The team tested the scope with focus groups of both teachers and students, with the device meeting overall approval, says Riedel-Kruse. While most teachers said they would use the games to generate initial excitement, or act as a stopgap for students to play with while others finish their work, many thought the interactive components, such as measuring or tracking microbes, of the scope, as well as the possibility for students to build the device themselves were the most attractive features.
That’s likely because these games tip slightly too far to the “fun” side of the tricky balance required for successful instructive games, explains Lee Sheldon, educational game writer and designer at Worcester Polytechnic Institute. Sheldon was not involved in the project, but read about the LudusScope. He has developed a wide range of educational games and written several books on the topic of gamifying learning.
These game hybrids must somehow meld the world of math, science or history with the fast-paced, all-consuming experience of a video game, he explains. “It’s not an easy balancing act.”
The LudusScope is part of the growing trend of “gamifying” education. Since video games made their first appearances in homes across America during the 1970s, they’ve grown by leaps and bounds both in complexity and abundance—with the industry now valued somewhere around 1.8 trillion dollars. And as increasing numbers of students spend hours or even days adventuring through virtual worlds, educators hope to tap into the thrill of these games in their classrooms.
But this burgeoning field is still new. Game developers and educators alike are trying to figure out how to successfully gamify education. Oftentimes, explains Sheldon, these new games focus too much on extrinsic rewards—leaderboards, points, new hardware. “But what really involves the player and what really gets the students to learn without realizing it are intrinsic rewards,” he says.
These types of rewards involve teamwork and collaboration and require more than a gold star for doing a good job. “They’re not just the top dog on the leaderboard,” he says. The students are building skills as well as developing a desire to improve and succeed together.
“We get [extrinsic rewards] all the time,” he says. “We get paid for a job. But that doesn’t necessarily mean that we liked the job. The intrinsic reward makes it fun and makes it worthwhile. [It] creates a good, powerful emotion in the people that are involved.”

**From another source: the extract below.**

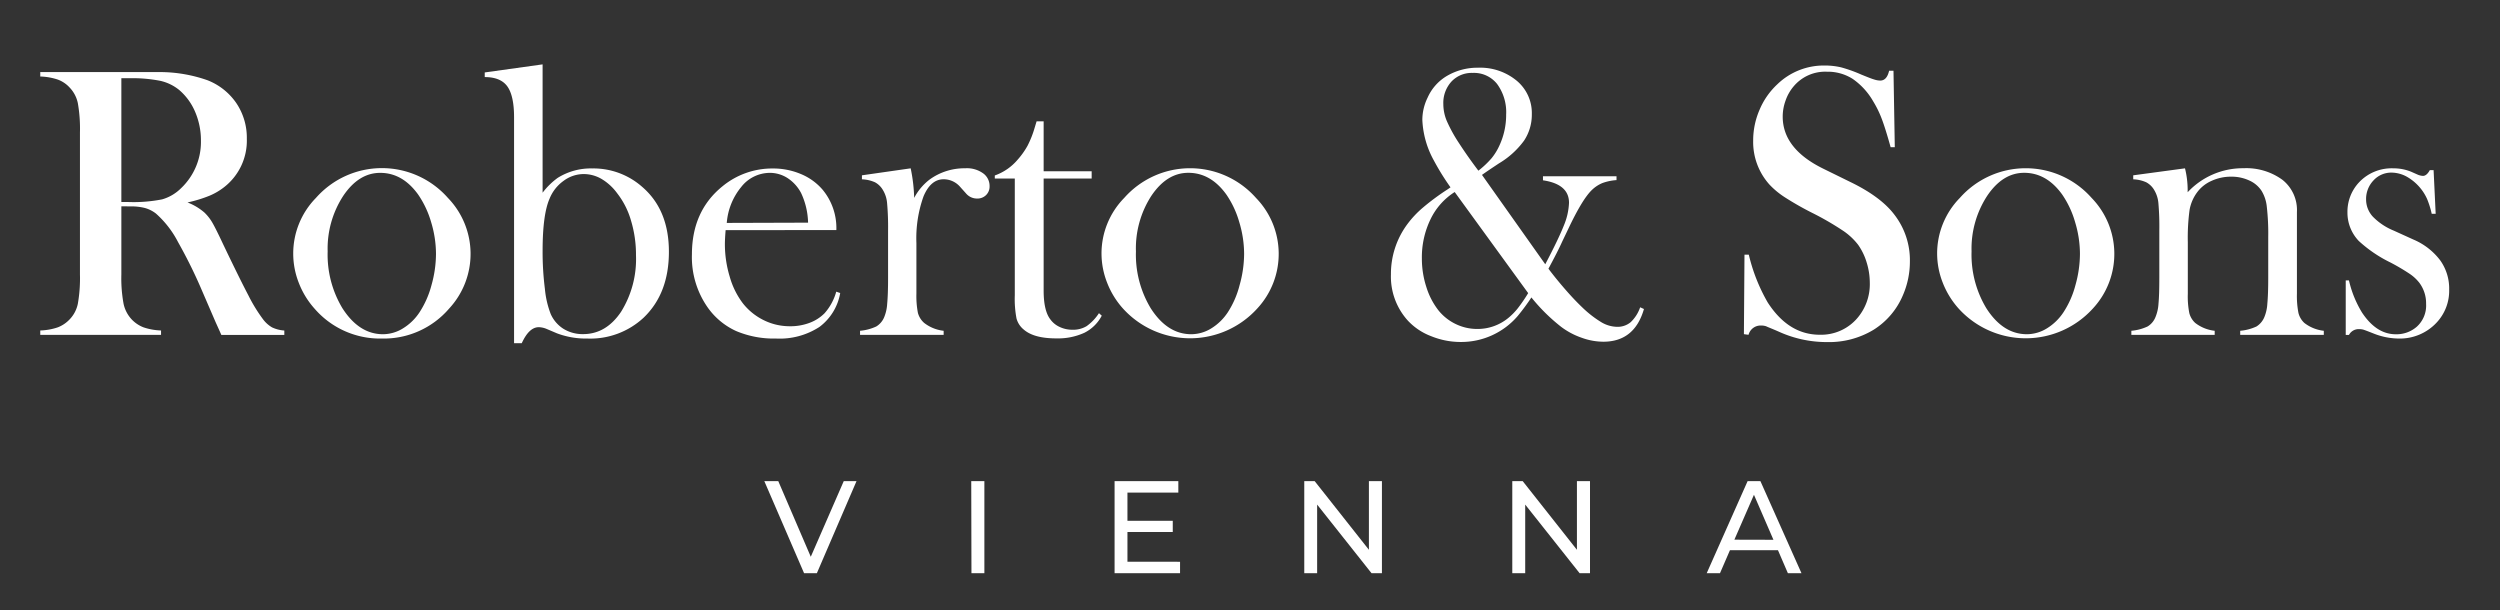 <svg xmlns="http://www.w3.org/2000/svg" viewBox="0 0 480 117.12"><rect x="0" y="0" width="480" height="117.12" fill="#333333" stroke="none"/><defs><style>.cls-1{fill:#fff;}</style></defs><g id="Roberto_Sons" data-name="Roberto &amp; Sons"><path class="cls-1" d="M23.3,39.61V52.7a27.26,27.26,0,0,0,.42,5.6,6.31,6.31,0,0,0,1.54,3,6.23,6.23,0,0,0,2.27,1.54,11.51,11.51,0,0,0,3.39.61v.85H7.73v-.85a11.51,11.51,0,0,0,3.39-.61,6.23,6.23,0,0,0,2.27-1.54,6.06,6.06,0,0,0,1.56-3,28.28,28.28,0,0,0,.4-5.62V25.45a28.21,28.21,0,0,0-.4-5.62,6.09,6.09,0,0,0-1.56-3,5.79,5.79,0,0,0-2.29-1.55,11.62,11.62,0,0,0-3.37-.59v-.85H25.22c2.93,0,4.86,0,5.78,0a27.57,27.57,0,0,1,8.82,1.56,12,12,0,0,1,5.57,4.42,11.89,11.89,0,0,1,2,6.82,11.3,11.3,0,0,1-4.29,9.24,12.21,12.21,0,0,1-2.88,1.7A25.33,25.33,0,0,1,36,38.87a11,11,0,0,1,3.23,1.92,8.75,8.75,0,0,1,1.53,1.94q.68,1.17,2.06,4.12c2.16,4.52,3.79,7.81,4.89,9.9a30.19,30.19,0,0,0,2.77,4.52,5.8,5.8,0,0,0,1.76,1.59,6.51,6.51,0,0,0,2.35.6v.85H42.5c-.6-1.36-1-2.22-1.16-2.59L38.8,55.84a93.89,93.89,0,0,0-4.61-9.35A18.9,18.9,0,0,0,29.94,41a6.12,6.12,0,0,0-2.1-1.06,10.4,10.4,0,0,0-2.76-.31Zm0-.82h1.38a28.33,28.33,0,0,0,6.44-.51,8.44,8.44,0,0,0,3.65-2.15A12.25,12.25,0,0,0,38.58,27a13.91,13.91,0,0,0-1.1-5.49,11.34,11.34,0,0,0-3.07-4.23,8.8,8.8,0,0,0-3.63-1.76,27.71,27.71,0,0,0-6-.5H23.3Z"/><path class="cls-1" d="M56.3,48.7A15.25,15.25,0,0,1,60.66,38,16.89,16.89,0,0,1,86,38a15.45,15.45,0,0,1,.22,21.26A16.52,16.52,0,0,1,73.32,65a16.6,16.6,0,0,1-12.88-5.69,16.08,16.08,0,0,1-3.07-5A15.33,15.33,0,0,1,56.3,48.7Zm6.61-.42a19.92,19.92,0,0,0,2.83,10.89q3.2,5,7.8,5a7.3,7.3,0,0,0,3.81-1.11,10.14,10.14,0,0,0,3.2-3.1,17.83,17.83,0,0,0,2.29-5.19,22.43,22.43,0,0,0,.87-6,21.09,21.09,0,0,0-.93-6.11,18.44,18.44,0,0,0-2.49-5.3q-3-4.17-7.29-4.17-4.11,0-7.08,4.39A18.54,18.54,0,0,0,62.91,48.28Z"/><path class="cls-1" d="M104.18,37a13.7,13.7,0,0,1,2.9-2.85,12,12,0,0,1,6.67-1.81,14.14,14.14,0,0,1,9.61,3.59q5.07,4.4,5.07,12.41T123.57,61a15,15,0,0,1-10.79,4,15.76,15.76,0,0,1-5.84-1l-2-.85a4.16,4.16,0,0,0-1.49-.33c-1.24,0-2.32,1-3.27,3.07H98.7V22.53q0-4.14-1.29-5.94c-.86-1.19-2.3-1.79-4.34-1.79v-.89l11.11-1.55Zm0,11.19a56.12,56.12,0,0,0,.44,7.27,17.9,17.9,0,0,0,1.12,4.84,6.47,6.47,0,0,0,2.47,2.85,7,7,0,0,0,3.75,1c2.94,0,5.36-1.43,7.28-4.28A19.15,19.15,0,0,0,122.11,49a22.63,22.63,0,0,0-.94-6.59,15.45,15.45,0,0,0-2.67-5.3,10.13,10.13,0,0,0-3-2.75,6.8,6.8,0,0,0-3.4-.94,6.47,6.47,0,0,0-3.9,1.31,7.77,7.77,0,0,0-2.68,3.41C104.62,40.19,104.18,43.54,104.18,48.17Z"/><path class="cls-1" d="M139.32,44.19c-.1,1.21-.14,2.09-.14,2.63a21.5,21.5,0,0,0,.92,6.28,15.34,15.34,0,0,0,2.51,5.11,11.55,11.55,0,0,0,4,3.25,11.24,11.24,0,0,0,5,1.18A10.43,10.43,0,0,0,155.4,62a8,8,0,0,0,2.91-1.85A10.43,10.43,0,0,0,160.56,56l.76.26a10.31,10.31,0,0,1-4,6.52A14,14,0,0,1,149,65a18.57,18.57,0,0,1-7.66-1.44,13.55,13.55,0,0,1-5.4-4.44,16.79,16.79,0,0,1-3.09-10.28q0-8.31,5.84-13.05a15,15,0,0,1,9.7-3.44,13.61,13.61,0,0,1,5.37,1.06,11.06,11.06,0,0,1,4.17,3,11.52,11.52,0,0,1,2.65,7.76Zm15.83-1.44a14.1,14.1,0,0,0-1.34-5.69,7.68,7.68,0,0,0-2.6-2.87,6.27,6.27,0,0,0-3.47-1,7,7,0,0,0-5.44,2.73,12.35,12.35,0,0,0-2.76,6.88Z"/><path class="cls-1" d="M175.52,38a10.71,10.71,0,0,1,2.94-3.51,11.4,11.4,0,0,1,6.86-2.18,5.29,5.29,0,0,1,3.59,1.08A3,3,0,0,1,190,35.76a2.28,2.28,0,0,1-.68,1.7,2.34,2.34,0,0,1-1.72.66,2.75,2.75,0,0,1-2.14-1l-1.13-1.26a4.18,4.18,0,0,0-3.16-1.44c-1.64,0-2.92,1.09-3.84,3.25a23.84,23.84,0,0,0-1.38,9V53.6l0,2.8a17,17,0,0,0,.29,3.68A3.93,3.93,0,0,0,177.44,62a7.41,7.41,0,0,0,3.74,1.51v.78H165.13v-.78a9.29,9.29,0,0,0,3.12-.83,3.76,3.76,0,0,0,1.53-1.82,8,8,0,0,0,.56-2.55c.11-1.15.17-2.79.17-4.95V44.29a51.94,51.94,0,0,0-.19-5.32,5.72,5.72,0,0,0-.8-2.48A3.92,3.92,0,0,0,168,35a6.69,6.69,0,0,0-2.51-.57v-.77l9.36-1.34A31.3,31.3,0,0,1,175.52,38Z"/><path class="cls-1" d="M200.38,32.88h9.22v1.4h-9.22V55.8q0,3.89,1.31,5.55a4.5,4.5,0,0,0,1.8,1.44,5.67,5.67,0,0,0,2.43.52,5,5,0,0,0,2.71-.69A9.24,9.24,0,0,0,211,60.13l.54.48a7.6,7.6,0,0,1-3.35,3.29,12.19,12.19,0,0,1-5.4,1.07c-2.85,0-4.93-.56-6.24-1.7a4.14,4.14,0,0,1-1.38-2.12,20.17,20.17,0,0,1-.33-4.46V34.28H191v-.59a10.2,10.2,0,0,0,4.36-3A15.11,15.11,0,0,0,197.28,28a19.32,19.32,0,0,0,1.38-3.49l.37-1.22h1.35Z"/><path class="cls-1" d="M211.49,48.7A15.25,15.25,0,0,1,215.85,38a16.89,16.89,0,0,1,25.3,0,15.42,15.42,0,0,1,.22,21.26,17.4,17.4,0,0,1-25.74,0,16.08,16.08,0,0,1-3.07-5A15.33,15.33,0,0,1,211.49,48.7Zm6.61-.42a19.92,19.92,0,0,0,2.83,10.89q3.19,5,7.8,5a7.36,7.36,0,0,0,3.82-1.11,10.21,10.21,0,0,0,3.19-3.1A17.57,17.57,0,0,0,238,54.76a22.43,22.43,0,0,0,.87-6,21.09,21.09,0,0,0-.93-6.11,18.17,18.17,0,0,0-2.48-5.3q-3-4.17-7.3-4.17-4.11,0-7.08,4.39A18.54,18.54,0,0,0,218.1,48.28Z"/><path class="cls-1" d="M284.54,33.58l12.15,17.16c1.69-3.22,2.88-5.7,3.56-7.42a12.52,12.52,0,0,0,1-4.39q0-3.57-5-4.31v-.78h14.12v.74a9.85,9.85,0,0,0-2.72.57,6.49,6.49,0,0,0-2,1.32q-1.85,1.77-4.57,7.54l-1.13,2.36c-.6,1.34-1.49,3.07-2.65,5.22.92,1.23,2,2.56,3.25,4s2.35,2.58,3.32,3.5a20.57,20.57,0,0,0,3.61,2.79,6.1,6.1,0,0,0,3,.87,3.91,3.91,0,0,0,2.61-.89A7.1,7.1,0,0,0,314.91,59l.73.33q-1.81,6.28-7.81,6.28a12.32,12.32,0,0,1-4.17-.77,14.18,14.18,0,0,1-4-2.15,35,35,0,0,1-5.63-5.58,40.9,40.9,0,0,1-2.62,3.55,14.27,14.27,0,0,1-10.93,5,15,15,0,0,1-5.69-1.11,11.8,11.8,0,0,1-4.49-3,12.58,12.58,0,0,1-3.24-8.87,16,16,0,0,1,3.13-9.61,18.83,18.83,0,0,1,3-3.2,45.21,45.21,0,0,1,4.73-3.5l.58-.4a46.93,46.93,0,0,1-3.19-5.14,17.57,17.57,0,0,1-2.22-7.8,9.72,9.72,0,0,1,1-4.26,9.13,9.13,0,0,1,3.75-4.21A11.58,11.58,0,0,1,283.79,13a11,11,0,0,1,7.41,2.49,8.07,8.07,0,0,1,2.91,6.42A9,9,0,0,1,292.62,27a16.21,16.21,0,0,1-4.84,4.38C286.2,32.43,285.12,33.16,284.54,33.58Zm-5.24,3.29a12.7,12.7,0,0,0-4.65,5.25A16.73,16.73,0,0,0,273,49.63a17.64,17.64,0,0,0,.87,5.51,14,14,0,0,0,2.36,4.51,9.56,9.56,0,0,0,3.32,2.59,9.43,9.43,0,0,0,4.08.92,9.29,9.29,0,0,0,6-2.14,12.25,12.25,0,0,0,1.78-1.82,30.73,30.73,0,0,0,2-2.92Zm4.55-4.1a17.5,17.5,0,0,0,2.55-2.41,11.12,11.12,0,0,0,1.51-2.47A13.93,13.93,0,0,0,289.18,22a9.15,9.15,0,0,0-1.74-5.88A5.65,5.65,0,0,0,282.77,14a5.34,5.34,0,0,0-4.09,1.66,6.07,6.07,0,0,0-1.56,4.33,8.4,8.4,0,0,0,.64,3.18,28.31,28.31,0,0,0,2.4,4.36Q281.86,30.15,283.85,32.77Z"/><path class="cls-1" d="M334.83,64.16l.11-15.27.83,0a33.77,33.77,0,0,0,3.63,9.18q4,6.2,10,6.2a9.15,9.15,0,0,0,6.9-2.85A10,10,0,0,0,359,54.25a13.13,13.13,0,0,0-.6-3.85A11.65,11.65,0,0,0,356.76,47a12.26,12.26,0,0,0-3-2.77A54.93,54.93,0,0,0,348,40.9a57.3,57.3,0,0,1-5.28-3,15.66,15.66,0,0,1-3-2.48A12.23,12.23,0,0,1,336.61,27a14.76,14.76,0,0,1,1.22-5.91,14.18,14.18,0,0,1,3.39-4.88,12.82,12.82,0,0,1,9.11-3.63,13.65,13.65,0,0,1,3.16.35,27.2,27.2,0,0,1,3.88,1.39c1.21.49,2,.81,2.47.94a3.91,3.91,0,0,0,1.16.21q1.28,0,1.71-1.89h.84l.25,14.68H363c-.65-2.34-1.21-4.14-1.68-5.38a19.83,19.83,0,0,0-1.69-3.46,13.19,13.19,0,0,0-3.91-4.27,8.88,8.88,0,0,0-4.93-1.38,7.91,7.91,0,0,0-6.41,2.81,8.5,8.5,0,0,0-1.54,2.7,9,9,0,0,0-.56,3.11q0,6.18,7.79,10l5.11,2.51q5.91,2.85,8.52,6.29a14.27,14.27,0,0,1,3,9,16.22,16.22,0,0,1-1.34,6.49,14.39,14.39,0,0,1-5.67,6.66,16.51,16.51,0,0,1-8.89,2.34,22.21,22.21,0,0,1-9-1.88c-1.5-.67-2.4-1-2.69-1.15a3,3,0,0,0-1-.15,2.4,2.4,0,0,0-2.39,1.78Z"/><path class="cls-1" d="M371.93,48.7A15.25,15.25,0,0,1,376.29,38a16.89,16.89,0,0,1,25.3,0,15.42,15.42,0,0,1,.22,21.26,17.4,17.4,0,0,1-25.74,0,16.27,16.27,0,0,1-3.07-5A15.33,15.33,0,0,1,371.93,48.7Zm6.61-.42a19.92,19.92,0,0,0,2.83,10.89q3.19,5,7.8,5A7.36,7.36,0,0,0,393,63.05a10.21,10.21,0,0,0,3.19-3.1,17.57,17.57,0,0,0,2.29-5.19,22.43,22.43,0,0,0,.87-6,21.09,21.09,0,0,0-.93-6.11,18.17,18.17,0,0,0-2.48-5.3q-3-4.17-7.3-4.17c-2.73,0-5.1,1.46-7.08,4.39A18.54,18.54,0,0,0,378.54,48.28Z"/><path class="cls-1" d="M419.52,32.32a17.56,17.56,0,0,1,.51,4v.59a14.47,14.47,0,0,1,10.71-4.61,11.79,11.79,0,0,1,7.48,2.22,7.4,7.4,0,0,1,2.79,6.2V56.4a17,17,0,0,0,.29,3.68A3.93,3.93,0,0,0,442.43,62a7.41,7.41,0,0,0,3.74,1.51v.78H430.12v-.78a9.29,9.29,0,0,0,3.13-.83,3.87,3.87,0,0,0,1.52-1.83,8,8,0,0,0,.56-2.56c.11-1.15.17-2.79.17-4.93V45.55a45.57,45.57,0,0,0-.28-5.91,7.25,7.25,0,0,0-1-3,5.47,5.47,0,0,0-2.39-2,8.09,8.09,0,0,0-3.44-.72,8.91,8.91,0,0,0-3.78.81,6.83,6.83,0,0,0-2.77,2.21,8,8,0,0,0-1.44,3.35,39.69,39.69,0,0,0-.34,6.18v7.24l0,2.73a16.33,16.33,0,0,0,.29,3.68A3.91,3.91,0,0,0,421.48,62a7.45,7.45,0,0,0,3.74,1.51v.78h-16v-.78a9.29,9.29,0,0,0,3.12-.83,3.69,3.69,0,0,0,1.52-1.82,7.92,7.92,0,0,0,.57-2.55c.11-1.15.16-2.79.16-4.95V44.29a52.79,52.79,0,0,0-.18-5.32,5.85,5.85,0,0,0-.8-2.48A3.94,3.94,0,0,0,412.08,35a6.63,6.63,0,0,0-2.5-.57v-.77Z"/><path class="cls-1" d="M450.38,64.31V53.84H451A20.63,20.63,0,0,0,453.5,60c1.85,2.79,4,4.18,6.51,4.18A5.92,5.92,0,0,0,464,62.75a5.46,5.46,0,0,0,1.81-4.4,6.57,6.57,0,0,0-1.3-4.06,8.11,8.11,0,0,0-1.83-1.7,40.74,40.74,0,0,0-3.71-2.19,25.31,25.31,0,0,1-6.09-4.14,7.86,7.86,0,0,1-2.17-5.47,8.25,8.25,0,0,1,2.18-5.73,8.58,8.58,0,0,1,6.64-2.74,8.91,8.91,0,0,1,3.45.67l1.24.55a2.83,2.83,0,0,0,1,.23c.46,0,.9-.37,1.31-1.11h.72l.4,8.39h-.76A17.19,17.19,0,0,0,466,38.2a9.28,9.28,0,0,0-3.89-4.27,6.18,6.18,0,0,0-2.93-.79,4.63,4.63,0,0,0-3.46,1.49,5.15,5.15,0,0,0-1.43,3.68,4.85,4.85,0,0,0,1.29,3.28,11.79,11.79,0,0,0,4,2.68L463.39,46a12.61,12.61,0,0,1,5.14,4,9.28,9.28,0,0,1,1.71,5.58A8.93,8.93,0,0,1,467.77,62,9.62,9.62,0,0,1,460.51,65a13.39,13.39,0,0,1-4.87-1q-1.59-.63-1.92-.72a3.23,3.23,0,0,0-.83-.09A2.11,2.11,0,0,0,451,64.31Z"/></g><g id="VIENNA"><path class="cls-1" d="M164.45,92.38l-7.61,17.67h-2.46l-7.63-17.67h2.68l6.24,14.52L162,92.38Z"/><path class="cls-1" d="M186.48,92.38H189v17.67h-2.48Z"/><path class="cls-1" d="M226.57,107.86v2.19H214V92.38h12.24v2.2h-9.77V100h8.7v2.14h-8.7v5.71Z"/><path class="cls-1" d="M265.33,92.38v17.67h-2L252.89,96.88v13.17h-2.47V92.38h2l10.41,13.18V92.38Z"/><path class="cls-1" d="M305.28,92.38v17.67h-2L292.84,96.88v13.17h-2.48V92.38h2l10.41,13.18V92.38Z"/><path class="cls-1" d="M341.37,105.64h-9.22l-1.91,4.41h-2.55l7.85-17.67H338l7.88,17.67h-2.61Zm-.87-2L336.76,95,333,103.62Z"/></g></svg>

LudusScope is in its early days of development, and it is a first step to shift learning about the microscopic world from observation to actual interaction. The team is now working with an educational game company in hopes of making their games even more worthwhile and fun for future players. They are also ensuring that LudusScope aligns with Next Generation Science Standards—state-developed K-12 science content standards.
The authors also encourage others to improve upon what they have already created. “We put this paper out with all the building plans,” says Riedel-Kruse. “We hope that other people just pick this up and develop it further for their own needs and publish their modifications online.”
Sheldon, too, sees many potential applications for LudusScope.
“I’ve never found a subject matter that cannot be taught with a game,” he says.